Вышел в другую комнату и, несмотря на ругань и бабьи причитания по поводу того, что он снова нашел себе собутыльника, принес еще полбуханки черного хлеба и кусок сала.
— Ешь, — велел он.
Я покорно ел. Ел, не отрывая глаз от стола, заваленного старыми башмаками, гвоздями, обрезками кожи, мотками ниток и дратвы, жестянками с краской, дегтем и смолой — всем этим убогим достоянием захудалого сапожника, которому уже никто не заказывает новых сапог и который подобной себе голи перекатной в пятый и десятый раз латает всякое старье.
Потом выпил вторую кружку и наконец взглянул на стоящего передо мной дядю.
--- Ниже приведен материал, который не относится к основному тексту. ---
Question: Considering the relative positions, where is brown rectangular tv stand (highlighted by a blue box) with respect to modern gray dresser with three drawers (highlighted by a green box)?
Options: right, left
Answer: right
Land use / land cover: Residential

— Наелся? — спросил он. — Наелся?
Во мне закипала черная злоба. Многовато было этой сивухи для пустого с утра желудка. Однако я понимал, что тут еще не окончательно сведены счеты между нами обоими и тем, третьим. Я ел дядин хлеб, пил его водку. Значит, должен был выслушать его до конца.
Я слушал.
— Думаешь, я не знаю, чего ради ты явился? — начал он еще словно бы миролюбиво. — Думаешь, не догадываюсь? Не понимаю?
Голос его уже перерастал в крик, на тощей шее и впалых висках вздулись вены.